Also, to be of note, the film does not shy away from any of it’s subject matter. There are copious amounts of female and male nudity, particularly from Turner. The sex scenes in the film are explicit and kinky (in one instance China Blue viciously rides a cop, whilest screwing him with his own night stick.) And the violence depicted onscreen is just as in your face and vivid as the erotic aspects. Crimes of Passion is not a culty-dark comedy/drama for those who embarrass easily.
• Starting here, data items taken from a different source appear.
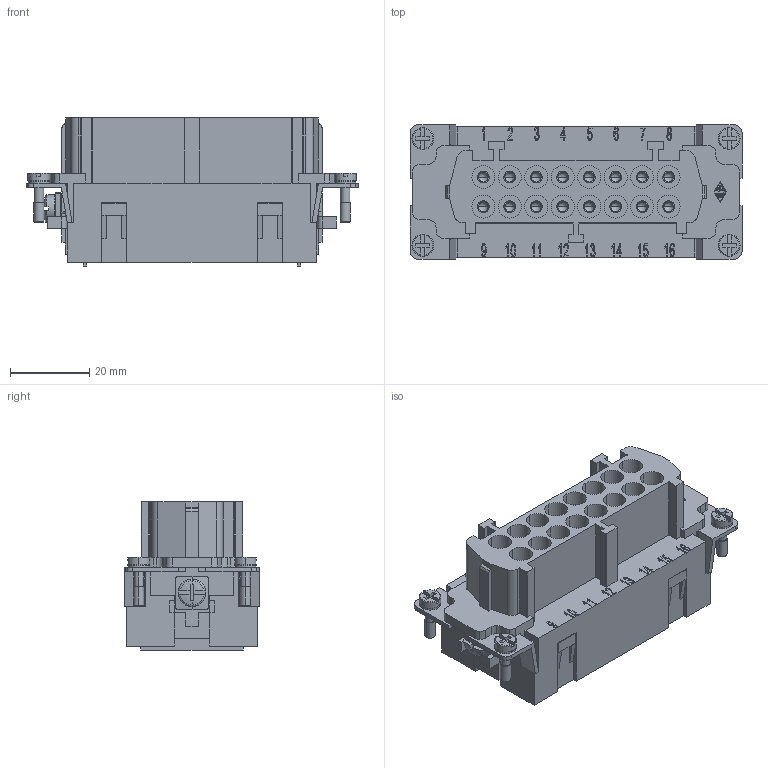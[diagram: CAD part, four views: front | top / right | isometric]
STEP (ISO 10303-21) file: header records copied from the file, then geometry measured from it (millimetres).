
FILE_DESCRIPTION((''),'2;1');
FILE_NAME('CSEF 16.stp','2006-11-02T09:40:25',('gembarski'),(''),'Autodesk Inventor 7','Autodesk Inventor 7','');
FILE_SCHEMA(('AUTOMOTIVE_DESIGN { 1 0 10303 214 1 1 1 1 }'));
Length unit declared in the file: millimetre
Products named in the file (1): CSEF Kontakteinsätze mit Käfigzugfederanschluss
Bounding box: 84 x 34 x 37.5 mm (x, y, z)
Volume: 54092.7 mm3; surface area: 23805.4 mm2
Topology: 1 solids, 1 shells, 1644 faces, 4366 edges, 2854 vertices
Faces by surface type: bspline 781, plane 643, cylinder 196, torus 14, cone 8, sphere 2
Entity records: 55172 total; most frequent: CARTESIAN_POINT 17351, ORIENTED_EDGE 8704, DIRECTION 6225, EDGE_CURVE 4352, VECTOR 2889, LINE 2889, VERTEX_POINT 2854, EDGE_LOOP 1824
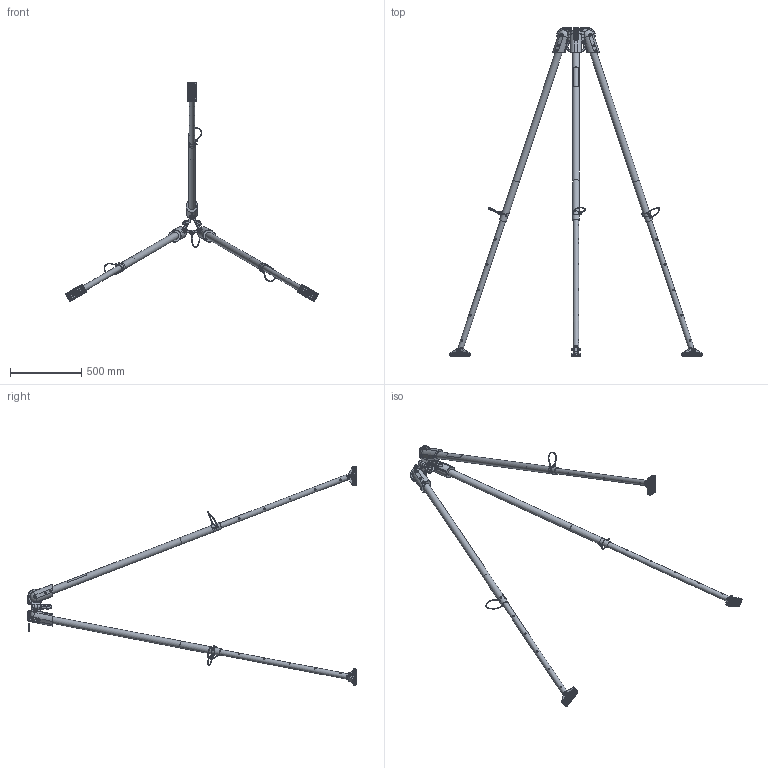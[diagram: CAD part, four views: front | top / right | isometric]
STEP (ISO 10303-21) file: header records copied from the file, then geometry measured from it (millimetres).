
FILE_DESCRIPTION(/* description */ ('GSE230S TRIPOD ASSEMBLY - STANDARD'),/* implementation_level */ '2;1');
FILE_NAME(/* name */ 'GSE230S TRIPOD ASSEMBLY, STANDARD.stp',/* time_stamp */ '2021-08-18T09:59:51+01:00',/* author */ ('Simon.Lewis'),/* organization */ (''),/* preprocessor_version */ 'ST-DEVELOPER v18.1',/* originating_system */ 'Autodesk Inventor 2021',/* authorisation */ '');
FILE_SCHEMA (('AUTOMOTIVE_DESIGN { 1 0 10303 214 3 1 1 }'));
Length unit declared in the file: millimetre
Products named in the file (38): GSE230S; SA230-026; 230-002; 070-13; 230-003; 535-16; 230-009; 230-008; SA230-027; 230-013; 230-032; 230-032 WIRE FOR GSE230 TRIPOD; 210-26; 210-24; 210-25; 230-007; 735-04-1; B200-032; 230-006; 507-10; SA230-025; 230-005; 230-010; 230-011; 230-012; 907-34; 230-004; SA200LAC; 200-15; 230-032_1; 230-032 CRIMP; 230-032 WIRE FOR LAC; D150-162; 200-19; 200-18; D150-05; 230-014; 230-017
Assembly tree (77 placements, depth 5):
  GSE230S
    SA230-026
      230-002  x3
      070-13  x3
      535-16  x6
      230-003  x3
      230-009  x3
      230-008  x2
      SA230-027
        230-013
        D150-162  x2
        230-032
          230-032 CRIMP  x2
          230-032 WIRE FOR GSE230 TRIPOD
      210-26  x2
      210-24  x2
      210-25  x2
      230-007  x3
      735-04-1  x3
      B200-032  x3
      230-006  x3
      507-10  x3
    SA230-025  x3
      230-005
      230-010
      230-011
      230-012
      907-34
      230-004
      SA200LAC
        200-15
        230-032_1
          230-032 CRIMP  x2
          230-032 WIRE FOR LAC
        D150-162
      200-19
      200-18
      D150-05
    230-014  x6
    230-017
Bounding box: 1774.43 x 2308.73 x 1537.24 mm (x, y, z)
Volume: 7585767.4 mm3; surface area: 2634658.7 mm2
Topology: 168 solids, 168 shells, 3009 faces, 7244 edges, 4574 vertices
Faces by surface type: plane 964, cylinder 782, cone 475, bspline 447, torus 267, sphere 74
Full cylindrical faces by diameter (mm): 2 x6, 2.72 x7, 3 x8, 3.141 x3, 3.2 x4, 3.242 x3, 4 x5, 4.3 x3, 4.5 x3, 6.5 x11, 6.8 x3, 7.04 x3, 8 x6, 8.2 x6, 8.376 x3, 8.4 x3, 9 x3, 10 x18, 10.11 x2, 10.2 x21, 10.5 x48, 10.8 x1, 11.9 x1, 12 x9, 12.1 x9, 12.25 x3, 12.5 x3, 13 x6, 13.6 x3, 16 x30
Entity records: 42030 total; most frequent: CARTESIAN_POINT 18883, DIRECTION 4462, ORIENTED_EDGE 4444, EDGE_CURVE 2222, AXIS2_PLACEMENT_3D 1821, VERTEX_POINT 1453, EDGE_LOOP 1119, FACE_OUTER_BOUND 925

In the end Crimes of Passion is a film that could never be made today (this is one of the main reasons I love the film and most of Ken Russell’s canon.) Yes, more than ever people take part in kinky sexual activities and pornographic delights. But, they do it behind closed doors for the most part, or, at the very least with tightly closed, hypocritical lips. Add to that no filmmaker today could tackle divorce, sexual repression, sexual deviancy, morality and amorality in such a frank and realistic, but still skewed and humorous way. And of course A-List actors balk at whipping out one breast or half an ass cheek on screen today unless they are sure to get an Oscar Nomination for the role. Crimes of Passion is a film with big hairy balls (among other things) and the era of cinema we live in now is at best a “tweenager” that’s just gotten his first “big boy” hair.
This is why I give Crimes of Passion 10 gleaming razor dildos out of 10!